Y así, la desacertada presidencia Duque condujo a la primera presidencia de izquierda en la historia de Colombia. Quiero aquí anotar que califiqué como desacertada la presidencia del señor Duque para dejar en claro que entiendo que, para algunos colombianos, esta presidencia fue efectiva y para otros desastrosa. Lo que sí creo acertado afirmar, es que fue desacertada. Porque no dejó ver a los ciudadanos que los (posibles) avances que (quizá) ocurrieron, condujeron a una mejoría en la situación de la mayoría. La prueba está, obviamente, en los resultados de las elecciones que llevaron a la presidencia al líder de una oposición por décadas estigmatizada.
El aumento del costo de la vida, la falta de oportunidades, el deterioro de las instituciones, el estancamiento social y económico de un segmento enorme de la población son manifestaciones visibles de la inefectividad de una presidencia. Que a Duque le tocó la pandemia, que cayó (o que subió) el precio del petróleo, que aumentó el PIB, que disminuyó o aumentó la deuda pública son situaciones que influyen en la decisión de los electores tanto como la temperatura del sol. El voto en las elecciones del 2022 reflejó las primeras consideraciones, no las segundas.
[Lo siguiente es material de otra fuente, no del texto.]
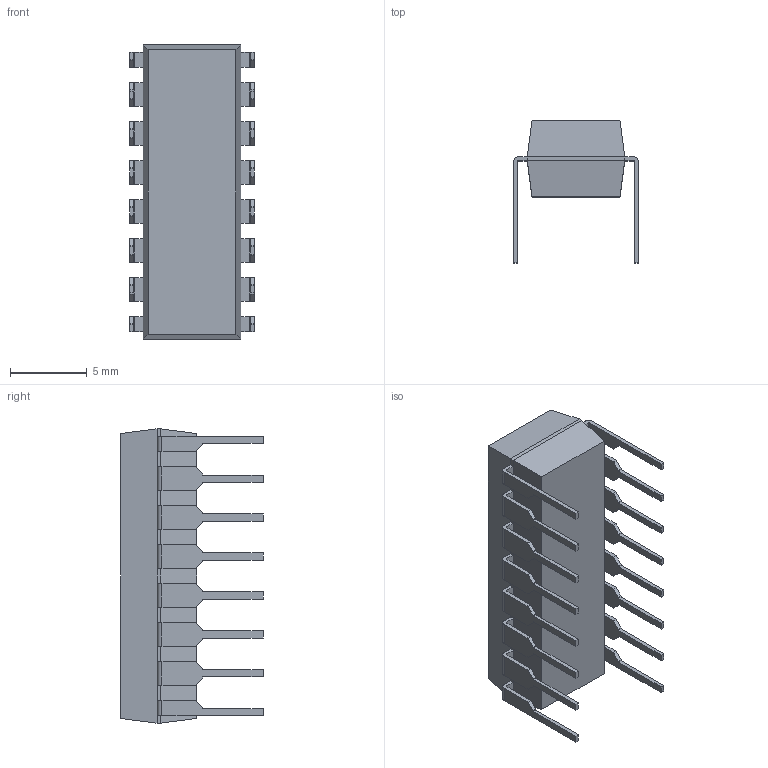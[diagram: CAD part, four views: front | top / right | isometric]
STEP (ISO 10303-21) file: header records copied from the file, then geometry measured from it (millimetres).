
FILE_DESCRIPTION (( 'STEP AP214' ), '1' );
FILE_NAME ('ULN2003A.STEP', '2023-04-18T02:18:41', ( '' ), ( '' ), 'SwSTEP 2.0', 'SolidWorks 2021', '' );
FILE_SCHEMA (( 'AUTOMOTIVE_DESIGN' ));
Length unit declared in the file: millimetre
Products named in the file (1): ULN2003A
Bounding box: 8.12 x 9.26 x 19.18 mm (x, y, z)
Volume: 591.2 mm3; surface area: 740.8 mm2
Topology: 17 solids, 17 shells, 262 faces, 674 edges, 446 vertices
Faces by surface type: plane 229, cylinder 33
Entity records: 8022 total; most frequent: CARTESIAN_POINT 1383, ORIENTED_EDGE 1348, DIRECTION 1266, EDGE_CURVE 674, LINE 608, VECTOR 608, VERTEX_POINT 446, AXIS2_PLACEMENT_3D 329

Ahora está para concluir el primer gobierno izquierdista de Colombia sin (discutiblemente) haber cumplido las expectativas y manchado por escándalos inexcusables. Resulta necesario recordar, entonces, que por más de dos siglos nos prometieron, cada cuatro años, “con este presidente sí va a mejorar la situación”. Mejoras que nunca llegaron. Que con Petro se repita una vez más esta historia será igualmente insuficiente para que sus seguidores descalifiquen a su candidato en las elecciones venideras.
Pero triunfante o derrotado en la elección presidencial, es muy probable que el establecimiento político tradicional continúe controlando el congreso colombiano. Ojalá, triunfante o derrotado, reconozca este establecimiento que no es posible ignorar que la sociedad ya logró su primer triunfo y que no está dispuesta a regresar a su pasado de sumisión. Y que si este control se complementa con un presidente desconectado de la realidad, que persiste en aplastar las ilusiones de un pueblo que finalmente ha despertado a su poder, será esta la explicación de por qué desembocamos en un régimen de terror que nos hará añorar la relativa paz de hoy. O, alternativamente, por qué terminamos imitando la tragedia de nuestro vecino país, en donde una masa desorientada y enceguecida por la indignación busque redención en un sátrapa carismático pero ignorante que termine destruyendo el limitado progreso social que hemos logrado en doscientos años de independencia.